Glean 1, Autumn 2023

Gleanings

Must-see exhibitions, fairs, events or happenings — gleaned by the editors and presented in compact form.

Chaleur humaine

‘Chaleur humaine – Triennale Art & Industrie,’ Frac Grand Large – Hauts-de-France, Dunkirk, until 14 January 2024, www.fracgrandlarge-hdf.fr

Chaleur humaine (literally translated as ‘human warmth’) is the debut studio album by French singer-songwriter Christine and the Queens, released in 2015. It’s also the title of this year’s edition of the ‘Art & Industry Triennial’ in Dunkirk, France, a large-scale exhibition presenting more than 250 works by close to 130 artists, primarily from France, Belgium, the Netherlands and the United Kingdom. The exhibition is developed in eight chapters which unfold at different locations in the small beach town: the LAAC (Contemporary Art and Action Museum), the FRAC Grand Large, the former AP2 shipyard workshop and other public spaces throughout Dunkirk.

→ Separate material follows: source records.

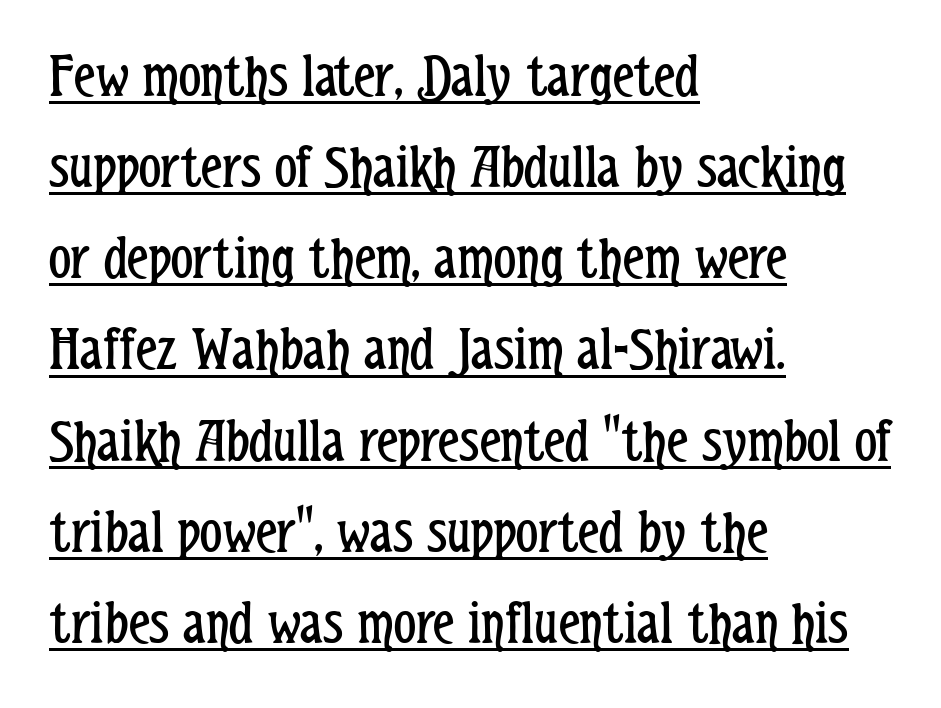
Q: Is the text bold? A: No.
Q: Is the text italic (slanted)? A: No, it is upright.
Q: Is the typeface a serif or a sans-serif typeface? A: Sans-serif.
Q: Is the text underlined? A: Yes.
Q: How is the paragraph aligned? A: Left-aligned.
Q: Is the spacing between letters normal or unusually wide? A: Normal.
Q: Is the spacing between lines tight, normal or loose? A: Normal.
Q: Width (condensed, normal, or wide)? A: Condensed.
Q: Stroke contrast? A: Low.
Q: x-height? A: Medium.
Q: Monospaced? A: No.
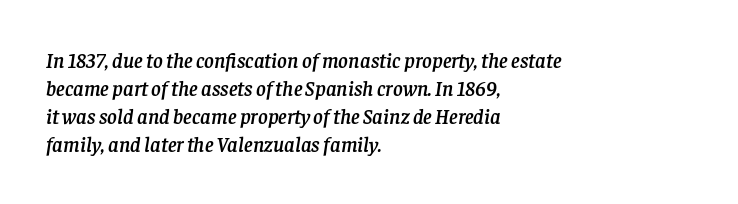
One glance says typical: line gaps are just what's usual. This sample is left-justified, so line endings fall wherever the words run out. Rendered with sloped, italic letterforms. The area under the type is left untouched.
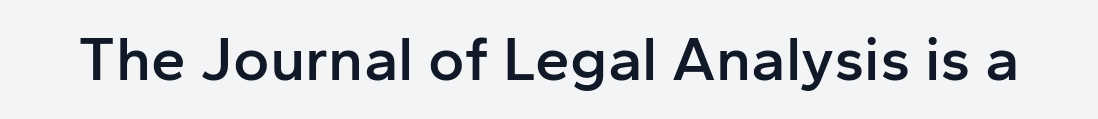
The image shows 62 px semibold sans-serif type, upright; set normal letter spacing, not underlined; low stroke contrast and a medium x-height.
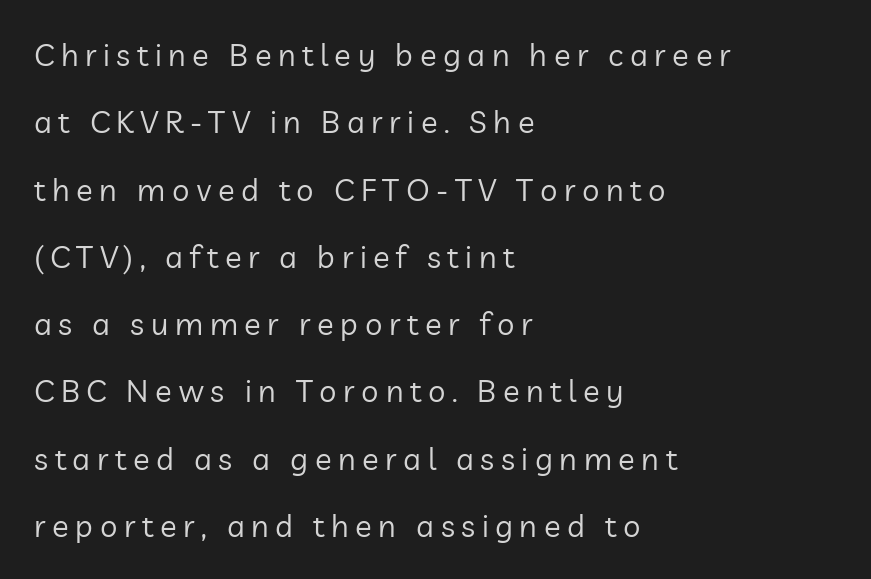
{"serif": "no", "italic": "no", "bold": "no", "weight": "regular", "width": "normal", "stroke_contrast": "low", "x_height": "medium", "monospaced": "no", "underline": "no", "align": "left", "line_spacing": "loose", "line_spacing_ratio": 2.17, "letter_spacing": "wide", "letter_spacing_em": 0.21, "glyph_px": 31}
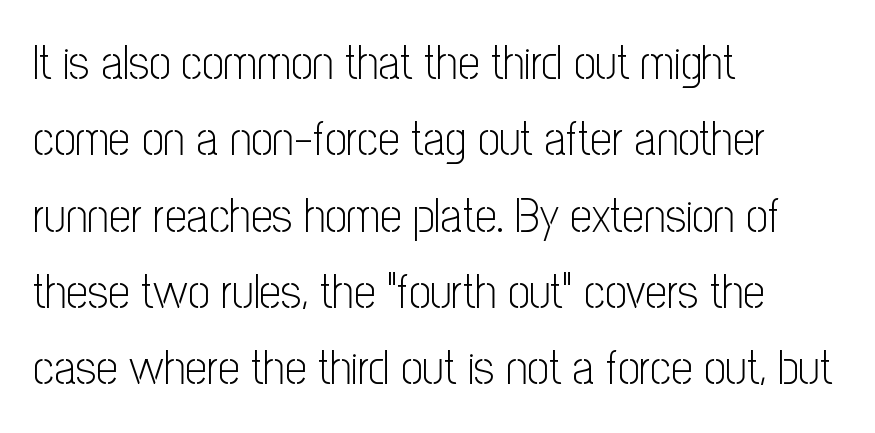
The image shows 48 px light, condensed sans-serif type, upright; set left-aligned, normal line spacing (1.59x), normal letter spacing, not underlined; low stroke contrast and a medium x-height.
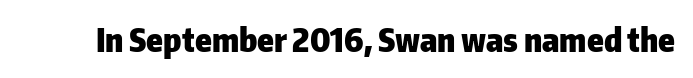
The image shows 33 px heavy sans-serif type, upright; set normal letter spacing, not underlined; low stroke contrast and a medium x-height.
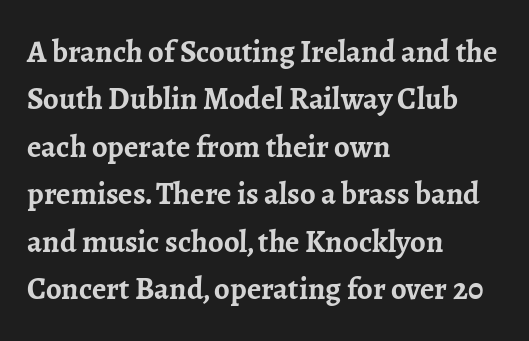
Q: Is the text bold? A: Yes.
Q: Is the text italic (slanted)? A: No, it is upright.
Q: Is the typeface a serif or a sans-serif typeface? A: Serif.
Q: Is the text underlined? A: No.
Q: How is the paragraph aligned? A: Left-aligned.
Q: Is the spacing between letters normal or unusually wide? A: Normal.
Q: Is the spacing between lines tight, normal or loose? A: Normal.
Q: Width (condensed, normal, or wide)? A: Normal.
Q: Stroke contrast? A: Low.
Q: x-height? A: Medium.
Q: Monospaced? A: No.
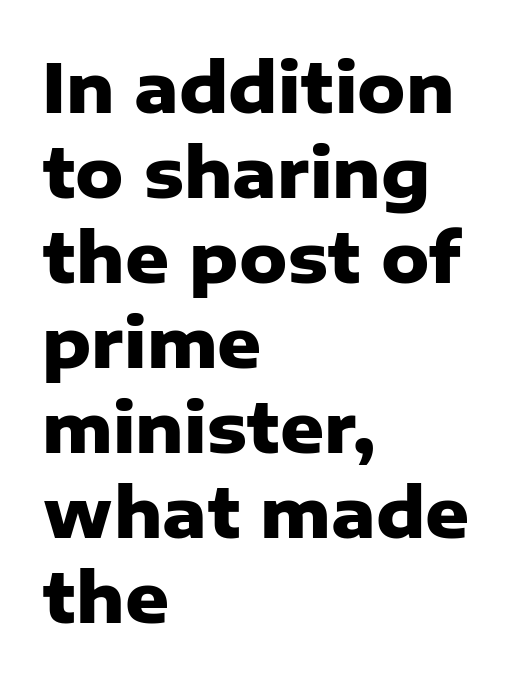
{"serif": "no", "italic": "no", "bold": "yes", "weight": "heavy", "width": "normal", "stroke_contrast": "low", "x_height": "medium", "monospaced": "no", "underline": "no", "align": "left", "line_spacing": "normal", "line_spacing_ratio": 1.25, "letter_spacing": "normal", "letter_spacing_em": 0.0, "glyph_px": 68}
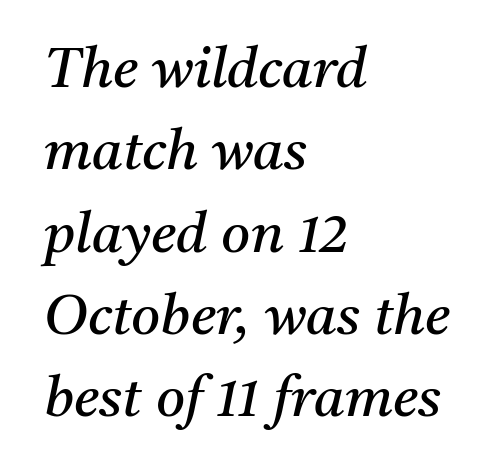
The image shows 56 px regular-weight serif type, italic (leaning right); set left-aligned, normal line spacing (1.47x), normal letter spacing, not underlined; medium stroke contrast and a medium x-height.

Starting from 1972 and spanning to the present day, ‘Chaleur humaine’ explores themes such as oil, nuclear energy, landscape transformation, the body at work, fatigue, cars, pollution, recycling and sustainability. 1972 is a symbolic date: in this year the first Earth Summit took place, the manifesto by the Club of Rome The Limits to Growth was published and the first complete image of the earth as seen from space was unveiled to the world. It’s a moment in history when the alarm bells truly start ringing for international awareness of ecological issues. It’s the moment when climate carefreeness becomes questionable and, on the contrary, transforms into a major cause for concern.

There are many things to discover in this exhibition. The triennial commissioned several new works, such as a piece by Pablo Bronstein and a magnificent bronze installation by Laure Prouvost that is installed along the town’s boardwalk. Likewise, there are several historical artworks from the Centre Pompidou’s collection, as well as works from local museums such as Suzanne Treister’s prints from the Collection 49 Nord 6 Est – FRAC Lorraine. Interestingly, curators Anna Colin and Camille Richert went the extra mile to select for this exhibition many works made by female artists that have been kept in the vaults of the Pompidou and other local museums for far too long. It’s a real treat to discover at this triennial photo works by Jo Spence or Sophie Ristelhueber’s chromogenic prints from the early 90s and see them presented next to installations from their better-known contemporaries such as Hans Haacke or Joseph Beuys. (Els Roelandt)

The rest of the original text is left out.